Flip the channel—literally, to the “secular” spectrum—and oh, what a plot twist! The anti-Modi media mafia, those guardians of the “idea of India” (as long as it doesn’t involve GST refunds), has pivoted harder than a rickshaw in Chandni Chowk traffic. Iran isn’t just a player here; it’s the underdog hero of their narrative, a plucky David slinging stones at the Goliath of imperialism. “Look at those brave Iranian missiles lighting up US bases!” beams the primetime prophet, voice dripping with the righteous fury of a man who’s just discovered quinoa. Wide-angle shots of Tehran’s retaliatory fireworks get more airtime than a Kumbh Mela stampede, complete with soulful BGM from AR Rahman’s rejected tracks.

Why the Iran infatuation? Simple: Modi backs Israel, so they back the ayatollahs. It’s not about foreign policy nuance—no, siree. It’s payback. “While BJP sells India’s soul to Zionist lobbyists,” intones the expert (a tweed-jacketed academic who once tweeted #JusticeForJNU), “Iran stands for the oppressed! Remember how they boycotted that Israeli film festival? That’s solidarity!” Cue the outrage montage: Clips of US carrier groups edited to look like they’re steaming toward Wagah Border, overlaid with captions like “Modi’s Masters Strike Back.” And don’t get me started on the “Gulf Diaspora Alert” segments, where NRIs in Dubai are grilled: “Are you safe from BJP’s proxy warmongers?” One hapless UAE-based accountant, mid-bite of shawarma, stammers, “I just want cheaper petrol,” only for the anchor to pivot: “See? Even expats know Iran’s pain is our pain!”

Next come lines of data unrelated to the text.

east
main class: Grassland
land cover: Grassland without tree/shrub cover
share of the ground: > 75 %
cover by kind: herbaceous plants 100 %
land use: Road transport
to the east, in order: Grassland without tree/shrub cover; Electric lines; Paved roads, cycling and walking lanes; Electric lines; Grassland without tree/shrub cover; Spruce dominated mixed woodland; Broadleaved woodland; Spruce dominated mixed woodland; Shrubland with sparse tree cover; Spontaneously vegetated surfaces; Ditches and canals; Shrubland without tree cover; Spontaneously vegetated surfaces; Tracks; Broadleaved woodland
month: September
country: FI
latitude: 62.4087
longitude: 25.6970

Our media isn’t divided by ideology; it’s divided by I&B Ministry coffee breaks. One side sees every F-35 flyover as a Viksit Bharat endorsement; the other views every IRGC speedboat as a metaphor for “people’s resistance” against Adani ports. Lost in this crossfire? Actual journalism. Facts? Those are for amateurs. Balance? As passé as Doordarshan reruns. Instead, we get TRP wars where viewer ratings spike not on casualty counts but on how many times “genocide” or “genius strike” gets hashtagged.

Picture this: A hypothetical summit where Iranian drones and Israeli interceptors pause mid-air for a Tata Tea break, only to be upstaged by our anchors duking it out in a “Who Loves Their PM More?” cage match. The real casualty? Us, the viewers, force-fed this farce while the world burns. Iran fires at US bases? BJP media: “Modi’s deterrence works!” Opposition outlets: “It’s blowback from hugging Tel Aviv!” Meanwhile, in Kerala’s backwaters or Kollam’s quiet streets, folks like you and me just want to know if onion prices will rocket higher than those Tomahawks.

So here’s the kicker, dear reader: In this great Indian media war, nobody wins. The only victors are the ad breaks hawking fairness creams for “battle-hardened” skin. Time to switch off, shall we? Or better yet, start our own channel: News from Narnia—where biases are slayed by lions, and the only proxy is for your VPN. Until then, pass the popcorn; the next episode’s bound to be a riot.